(DIRECTIONS FOR THIS TASK): Output every line of the material exactly, omitting images.

(DATA PROVIDED):
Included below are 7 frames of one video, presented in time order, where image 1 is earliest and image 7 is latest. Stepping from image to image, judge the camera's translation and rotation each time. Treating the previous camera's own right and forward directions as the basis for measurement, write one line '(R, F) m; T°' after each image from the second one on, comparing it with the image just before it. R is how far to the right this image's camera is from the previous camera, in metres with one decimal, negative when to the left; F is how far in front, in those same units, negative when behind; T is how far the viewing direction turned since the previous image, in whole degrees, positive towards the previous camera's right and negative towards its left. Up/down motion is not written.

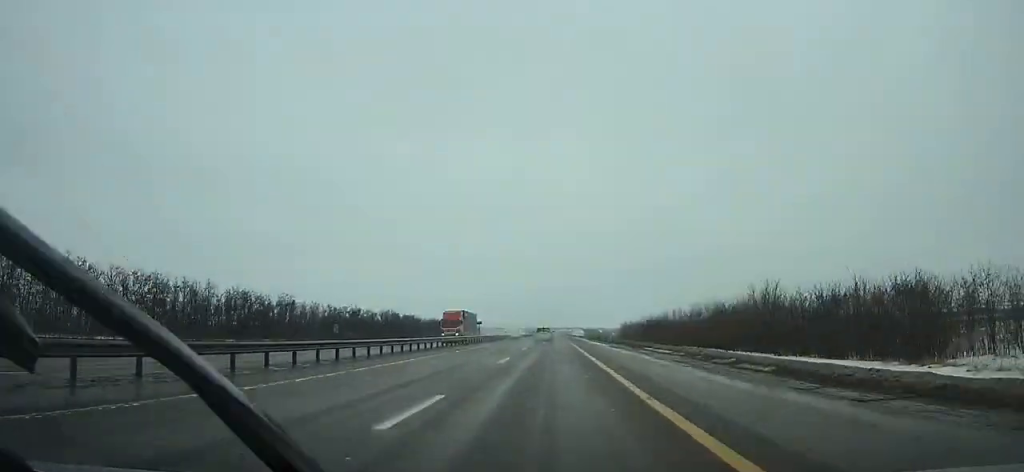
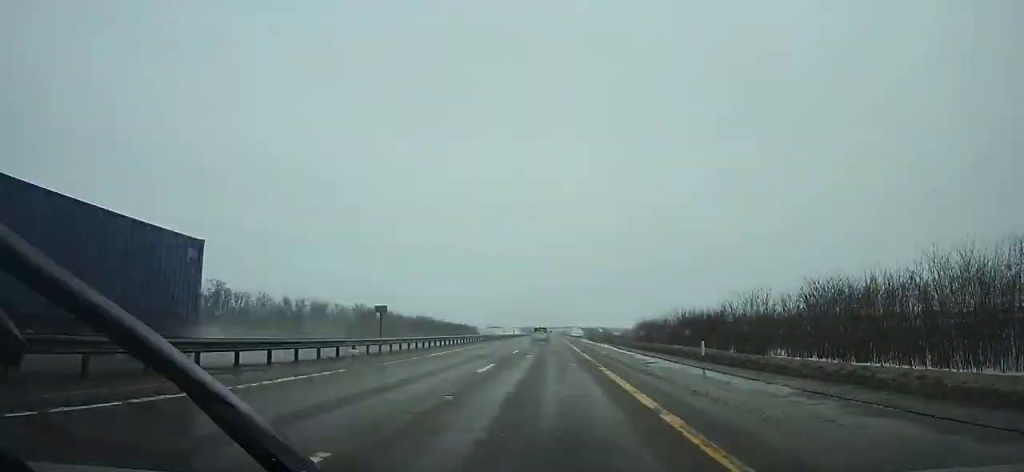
(0.0, +37.0) m; 0°
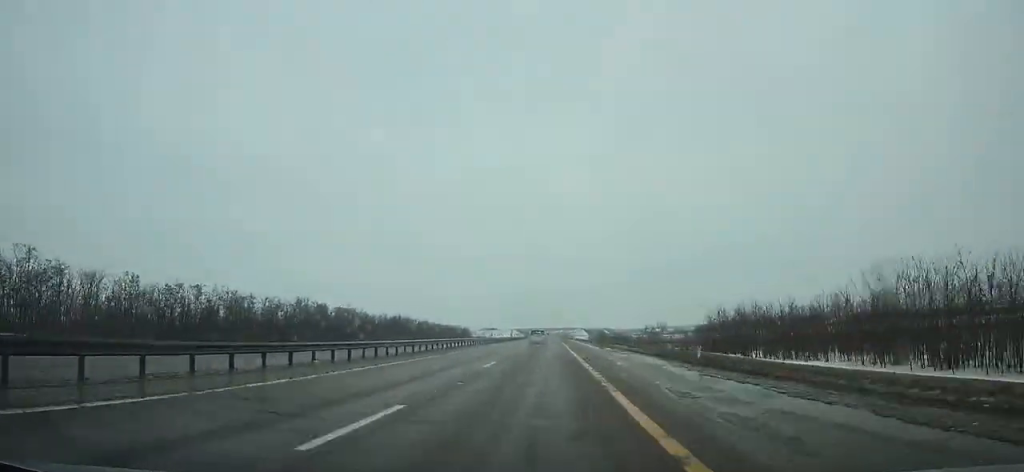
(0.0, +60.9) m; 0°
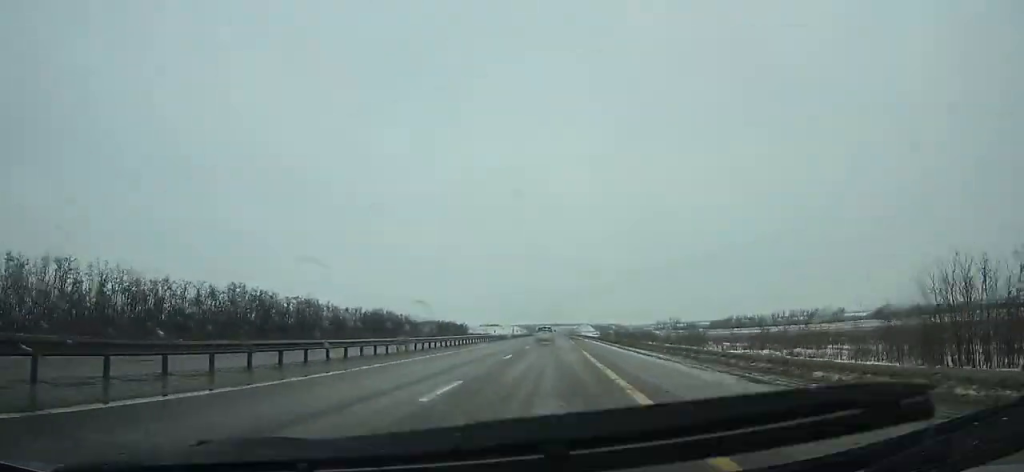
(0.0, +42.5) m; 0°
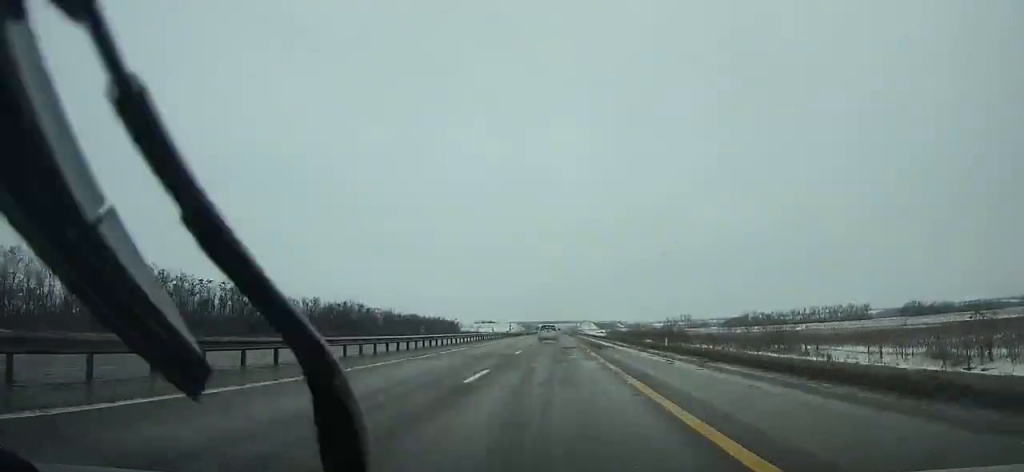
(-0.2, +45.2) m; 0°
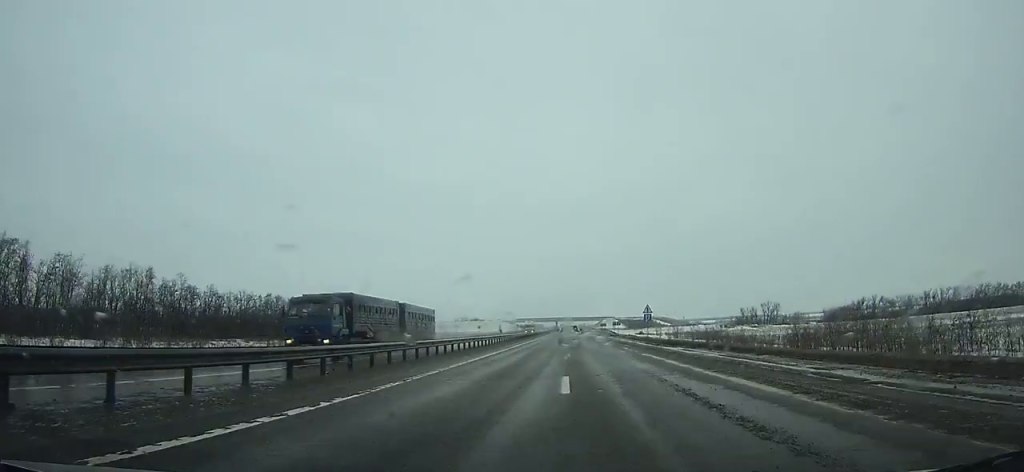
(-1.2, +174.7) m; 0°
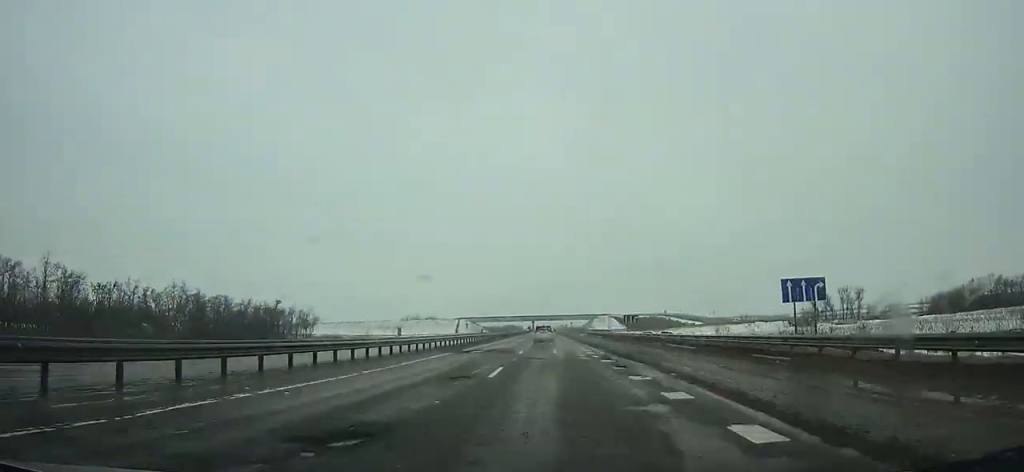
(+1.7, +107.2) m; +1°

(EXERCISE ANSWER):
Included below are 7 frames of one video, presented in time order, where image 1 is earliest and image 7 is latest. Stepping from image to image, judge the camera's translation and rotation each time. Treating the previous camera's own right and forward directions as the basis for measurement, write one line '(R, F) m; T°' after each image from the second one on, comparing it with the image just before it. R is how far to the right this image's camera is from the previous camera, in metres with one decimal, negative when to the left; F is how far in front, in those same units, negative when behind; T is how far the viewing direction turned since the previous image, in whole degrees, positive towards the previous camera's right and negative towards its left. Up/down motion is not written.

(0.0, +37.0) m; 0°
(0.0, +60.9) m; 0°
(0.0, +42.5) m; 0°
(-0.2, +45.2) m; 0°
(-1.2, +174.7) m; 0°
(+1.7, +107.2) m; +1°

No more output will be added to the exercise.